Voyager – An interactive video generation model with realtime 3D reconstruction

World modeling: 2D vs 3D and human perception

  • Strong pushback against the idea that “human perception is 2D.”
  • Commenters stress multi-sensory, multi-dimensional perception: stereo vision, monocular depth cues, proprioception, vestibular system, touch and even distributed muscle sensors contributing to a 3D (or higher‑D) internal model.
  • Debate over whether individual receptors are 0D/1D/2D, but broad agreement that the perceived world is 3D+time, not flat images.
  • For AI, some argue you can stick to 2D views and let models implicitly learn depth; others advocate richer inputs (stereo, multi-view) to make learning 3D structure easier. “Bitter Lesson” is invoked on both sides (either as argument for not hand‑encoding 3D, or as irrelevant to data richness).

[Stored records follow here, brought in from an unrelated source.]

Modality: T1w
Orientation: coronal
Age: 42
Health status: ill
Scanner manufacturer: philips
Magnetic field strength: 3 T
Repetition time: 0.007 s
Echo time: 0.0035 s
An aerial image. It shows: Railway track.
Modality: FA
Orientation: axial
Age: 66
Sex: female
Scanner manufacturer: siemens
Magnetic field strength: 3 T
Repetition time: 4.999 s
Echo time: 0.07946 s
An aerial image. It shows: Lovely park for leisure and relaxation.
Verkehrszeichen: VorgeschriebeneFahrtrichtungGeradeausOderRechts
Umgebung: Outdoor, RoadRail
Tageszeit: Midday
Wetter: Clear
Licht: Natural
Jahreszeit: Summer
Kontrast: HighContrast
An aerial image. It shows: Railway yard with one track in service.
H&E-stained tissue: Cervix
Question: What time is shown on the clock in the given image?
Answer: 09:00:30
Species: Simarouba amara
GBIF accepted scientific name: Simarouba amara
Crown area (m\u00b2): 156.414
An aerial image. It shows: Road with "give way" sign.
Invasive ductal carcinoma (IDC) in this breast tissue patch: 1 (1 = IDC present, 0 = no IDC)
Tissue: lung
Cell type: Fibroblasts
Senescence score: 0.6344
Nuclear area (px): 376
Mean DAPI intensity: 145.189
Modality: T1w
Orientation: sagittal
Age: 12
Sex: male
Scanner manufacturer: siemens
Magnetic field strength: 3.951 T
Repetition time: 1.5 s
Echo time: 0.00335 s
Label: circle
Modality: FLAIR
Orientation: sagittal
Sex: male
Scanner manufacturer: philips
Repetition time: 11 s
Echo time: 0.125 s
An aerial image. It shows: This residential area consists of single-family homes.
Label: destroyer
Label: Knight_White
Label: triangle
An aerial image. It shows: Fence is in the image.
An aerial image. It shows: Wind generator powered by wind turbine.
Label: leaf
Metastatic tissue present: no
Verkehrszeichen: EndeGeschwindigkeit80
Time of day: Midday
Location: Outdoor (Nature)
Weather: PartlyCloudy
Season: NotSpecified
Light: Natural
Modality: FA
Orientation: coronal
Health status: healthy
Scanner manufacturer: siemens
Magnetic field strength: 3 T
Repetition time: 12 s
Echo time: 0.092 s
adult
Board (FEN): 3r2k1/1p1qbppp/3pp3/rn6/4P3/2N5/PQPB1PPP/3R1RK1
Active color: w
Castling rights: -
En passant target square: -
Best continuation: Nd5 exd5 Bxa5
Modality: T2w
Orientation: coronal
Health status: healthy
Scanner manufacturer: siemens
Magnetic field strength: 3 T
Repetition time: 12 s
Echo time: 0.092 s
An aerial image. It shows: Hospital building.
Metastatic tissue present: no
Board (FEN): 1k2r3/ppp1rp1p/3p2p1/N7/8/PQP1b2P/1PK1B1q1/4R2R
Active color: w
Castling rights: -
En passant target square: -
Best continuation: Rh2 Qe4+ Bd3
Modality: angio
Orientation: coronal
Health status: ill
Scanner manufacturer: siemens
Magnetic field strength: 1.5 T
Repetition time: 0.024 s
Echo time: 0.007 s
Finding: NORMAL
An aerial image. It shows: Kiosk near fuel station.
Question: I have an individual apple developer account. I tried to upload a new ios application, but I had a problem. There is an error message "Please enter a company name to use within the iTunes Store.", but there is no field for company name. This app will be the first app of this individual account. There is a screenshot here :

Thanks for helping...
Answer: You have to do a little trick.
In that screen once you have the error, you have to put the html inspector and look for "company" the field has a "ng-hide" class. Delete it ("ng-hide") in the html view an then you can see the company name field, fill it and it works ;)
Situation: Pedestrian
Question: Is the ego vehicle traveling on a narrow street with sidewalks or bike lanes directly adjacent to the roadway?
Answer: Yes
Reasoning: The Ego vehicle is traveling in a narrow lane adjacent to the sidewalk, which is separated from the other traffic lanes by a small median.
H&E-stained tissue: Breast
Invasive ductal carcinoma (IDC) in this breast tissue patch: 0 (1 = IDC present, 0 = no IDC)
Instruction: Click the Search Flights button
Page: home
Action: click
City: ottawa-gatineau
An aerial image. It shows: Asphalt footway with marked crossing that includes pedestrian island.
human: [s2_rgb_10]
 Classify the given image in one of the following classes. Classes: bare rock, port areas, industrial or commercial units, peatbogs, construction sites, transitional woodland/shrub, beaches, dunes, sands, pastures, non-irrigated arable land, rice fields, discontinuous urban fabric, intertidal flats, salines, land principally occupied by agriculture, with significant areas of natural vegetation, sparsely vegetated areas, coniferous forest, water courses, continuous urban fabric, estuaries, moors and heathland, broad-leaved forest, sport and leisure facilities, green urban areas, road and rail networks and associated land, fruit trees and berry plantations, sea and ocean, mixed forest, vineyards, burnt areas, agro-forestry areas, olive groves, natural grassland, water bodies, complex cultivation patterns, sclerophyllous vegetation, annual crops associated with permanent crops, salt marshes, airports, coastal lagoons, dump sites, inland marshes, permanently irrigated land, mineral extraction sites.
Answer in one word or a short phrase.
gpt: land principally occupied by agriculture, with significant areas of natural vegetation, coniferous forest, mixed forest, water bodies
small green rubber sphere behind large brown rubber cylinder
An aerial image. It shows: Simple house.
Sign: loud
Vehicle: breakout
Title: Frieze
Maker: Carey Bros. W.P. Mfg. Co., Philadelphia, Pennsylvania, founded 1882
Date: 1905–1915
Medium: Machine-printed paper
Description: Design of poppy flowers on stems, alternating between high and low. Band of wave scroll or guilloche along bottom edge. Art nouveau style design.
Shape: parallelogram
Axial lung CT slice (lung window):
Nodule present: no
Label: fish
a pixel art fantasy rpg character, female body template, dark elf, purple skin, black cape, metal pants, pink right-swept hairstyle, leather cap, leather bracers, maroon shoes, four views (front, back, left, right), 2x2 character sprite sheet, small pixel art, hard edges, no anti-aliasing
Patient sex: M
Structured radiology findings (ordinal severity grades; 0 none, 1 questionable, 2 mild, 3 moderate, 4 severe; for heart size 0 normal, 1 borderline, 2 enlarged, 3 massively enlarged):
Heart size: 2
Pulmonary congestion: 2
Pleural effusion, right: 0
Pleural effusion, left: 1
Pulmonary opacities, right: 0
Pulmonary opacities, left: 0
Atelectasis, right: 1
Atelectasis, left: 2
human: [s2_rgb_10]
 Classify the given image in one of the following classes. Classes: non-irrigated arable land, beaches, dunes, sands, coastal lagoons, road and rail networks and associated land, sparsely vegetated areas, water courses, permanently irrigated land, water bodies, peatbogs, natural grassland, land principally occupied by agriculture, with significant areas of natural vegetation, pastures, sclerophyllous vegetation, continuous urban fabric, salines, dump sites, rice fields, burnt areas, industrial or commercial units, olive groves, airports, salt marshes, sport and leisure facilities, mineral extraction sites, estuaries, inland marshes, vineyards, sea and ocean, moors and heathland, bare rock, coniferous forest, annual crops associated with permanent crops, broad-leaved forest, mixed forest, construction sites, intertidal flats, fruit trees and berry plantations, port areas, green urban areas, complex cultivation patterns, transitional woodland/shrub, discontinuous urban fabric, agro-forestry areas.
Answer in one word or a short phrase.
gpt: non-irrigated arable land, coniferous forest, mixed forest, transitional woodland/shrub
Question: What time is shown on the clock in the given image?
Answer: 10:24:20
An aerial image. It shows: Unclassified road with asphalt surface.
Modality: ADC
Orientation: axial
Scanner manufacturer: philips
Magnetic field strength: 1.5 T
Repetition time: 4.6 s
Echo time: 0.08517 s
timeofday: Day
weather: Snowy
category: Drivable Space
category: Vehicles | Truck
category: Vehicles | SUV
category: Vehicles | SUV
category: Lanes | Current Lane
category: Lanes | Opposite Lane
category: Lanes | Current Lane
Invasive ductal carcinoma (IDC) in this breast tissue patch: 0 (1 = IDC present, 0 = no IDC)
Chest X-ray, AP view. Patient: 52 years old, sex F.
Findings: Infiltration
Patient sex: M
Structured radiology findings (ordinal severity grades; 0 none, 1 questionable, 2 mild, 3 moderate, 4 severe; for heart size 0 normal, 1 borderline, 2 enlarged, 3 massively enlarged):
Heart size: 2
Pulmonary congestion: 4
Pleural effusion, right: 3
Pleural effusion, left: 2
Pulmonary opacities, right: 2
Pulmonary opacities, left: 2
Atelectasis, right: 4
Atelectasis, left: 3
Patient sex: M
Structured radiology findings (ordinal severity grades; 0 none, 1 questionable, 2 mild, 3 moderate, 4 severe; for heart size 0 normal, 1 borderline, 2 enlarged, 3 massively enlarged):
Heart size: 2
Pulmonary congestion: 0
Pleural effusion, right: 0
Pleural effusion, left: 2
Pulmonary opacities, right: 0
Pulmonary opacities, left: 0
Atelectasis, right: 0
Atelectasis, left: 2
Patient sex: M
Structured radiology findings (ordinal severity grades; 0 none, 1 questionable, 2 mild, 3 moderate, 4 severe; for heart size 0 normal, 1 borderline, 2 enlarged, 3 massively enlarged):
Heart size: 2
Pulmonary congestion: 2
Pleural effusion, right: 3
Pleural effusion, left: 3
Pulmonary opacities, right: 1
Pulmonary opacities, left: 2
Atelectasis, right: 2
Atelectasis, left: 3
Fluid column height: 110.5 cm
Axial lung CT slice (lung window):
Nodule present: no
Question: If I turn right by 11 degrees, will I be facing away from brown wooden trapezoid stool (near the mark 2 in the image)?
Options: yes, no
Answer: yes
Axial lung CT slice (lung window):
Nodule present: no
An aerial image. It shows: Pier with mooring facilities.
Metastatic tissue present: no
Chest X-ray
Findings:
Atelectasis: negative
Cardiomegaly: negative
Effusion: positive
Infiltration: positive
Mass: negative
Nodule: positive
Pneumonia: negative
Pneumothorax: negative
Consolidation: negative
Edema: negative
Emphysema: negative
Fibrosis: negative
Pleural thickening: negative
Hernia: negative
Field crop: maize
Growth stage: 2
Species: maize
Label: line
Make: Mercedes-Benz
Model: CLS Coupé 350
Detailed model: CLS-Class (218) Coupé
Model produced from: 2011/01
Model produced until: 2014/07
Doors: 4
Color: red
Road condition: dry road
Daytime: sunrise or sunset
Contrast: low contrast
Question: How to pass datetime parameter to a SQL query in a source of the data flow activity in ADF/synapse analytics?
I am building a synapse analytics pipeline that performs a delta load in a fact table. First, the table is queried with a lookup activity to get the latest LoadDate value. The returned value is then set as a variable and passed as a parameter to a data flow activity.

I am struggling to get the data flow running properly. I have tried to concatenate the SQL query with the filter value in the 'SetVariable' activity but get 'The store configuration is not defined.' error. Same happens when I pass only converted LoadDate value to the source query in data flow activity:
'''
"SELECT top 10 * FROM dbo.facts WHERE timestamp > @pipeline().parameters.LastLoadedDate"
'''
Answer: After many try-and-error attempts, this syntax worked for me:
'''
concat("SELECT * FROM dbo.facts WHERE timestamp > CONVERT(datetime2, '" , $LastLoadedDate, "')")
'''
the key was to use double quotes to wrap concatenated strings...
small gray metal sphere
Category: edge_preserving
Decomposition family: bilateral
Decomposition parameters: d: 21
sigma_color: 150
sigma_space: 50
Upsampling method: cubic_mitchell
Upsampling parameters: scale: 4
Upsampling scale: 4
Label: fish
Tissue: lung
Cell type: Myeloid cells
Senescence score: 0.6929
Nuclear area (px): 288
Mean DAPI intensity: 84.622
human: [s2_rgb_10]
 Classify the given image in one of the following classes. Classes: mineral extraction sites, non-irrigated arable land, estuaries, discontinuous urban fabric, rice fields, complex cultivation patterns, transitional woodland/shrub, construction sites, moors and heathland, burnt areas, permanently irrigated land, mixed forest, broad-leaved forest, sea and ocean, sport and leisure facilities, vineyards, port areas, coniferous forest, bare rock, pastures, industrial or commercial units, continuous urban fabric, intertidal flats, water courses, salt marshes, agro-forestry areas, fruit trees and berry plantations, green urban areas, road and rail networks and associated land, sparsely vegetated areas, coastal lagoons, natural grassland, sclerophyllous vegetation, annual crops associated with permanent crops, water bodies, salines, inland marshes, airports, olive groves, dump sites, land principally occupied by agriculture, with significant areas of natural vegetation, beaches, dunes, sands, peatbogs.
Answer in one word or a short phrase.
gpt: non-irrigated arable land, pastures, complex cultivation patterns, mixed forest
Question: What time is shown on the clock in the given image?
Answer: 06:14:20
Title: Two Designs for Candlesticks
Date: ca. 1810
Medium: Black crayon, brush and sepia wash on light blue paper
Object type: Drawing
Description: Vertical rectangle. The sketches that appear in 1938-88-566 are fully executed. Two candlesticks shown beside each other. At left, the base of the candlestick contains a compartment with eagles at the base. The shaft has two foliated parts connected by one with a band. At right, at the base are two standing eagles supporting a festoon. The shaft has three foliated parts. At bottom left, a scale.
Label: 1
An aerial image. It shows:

Capabilities, limitations, and use cases

  • Many see this as a notable step beyond older “2D background + sprite” tricks and prior image‑to‑3D attempts that quickly break.
  • Enthusiasm for VR/AR and “holodeck”-style experiences, but skepticism about current feasibility: high-res, 120fps, stereo, low latency, and consistent geometry are still far off.
  • Some propose precomputing 3D scenes from photos for VR, games, or Flight Simulator–like worlds, or reconstructing navigable scenes from street‑level imagery.
  • Others discuss niche uses (e.g., reconstructing riverbeds from partial data), with caveats that generative hallucinations may be unacceptable for scientific or engineering tasks.
  • There is confusion over whether this can “replace LiDAR”; the consensus is no—this is generative, not direct measurement.

Quality, consistency, and “world model” skepticism

  • Multiple commenters note that demo clips are short, narrow FOV, and never do a full 360° spin; they see this as a red flag for true object persistence.
  • Depth maps and 3D point fusion could, in theory, enable full rotations, but inconsistencies across frames would cause blur and artifacts.

Hardware demands and practicality

  • 60GB GPU RAM for 540p is viewed as extremely heavy; some see this as research‑only for now, others note cloud GPUs and multi‑GPU setups as workarounds.

License, “open source,” and regional bans

  • Many stress this is not open source in the usual sense: custom license, no training data, restrictions on improving other models, MAU thresholds requiring Tencent’s approval.
  • Debate on what the “preferred form of modification” is: weights vs training data.
  • Exclusion of EU, UK, and South Korea is widely attributed to AI/data regulation risk (esp. the EU AI Act), seen by some as justified caution and by others as “malicious compliance” or anti‑competitive.
  • Acceptable use policy (no misinformation, elections influence, military, etc.) is seen by some as reasonable guardrails, by others as unenforceable or self‑contradictory.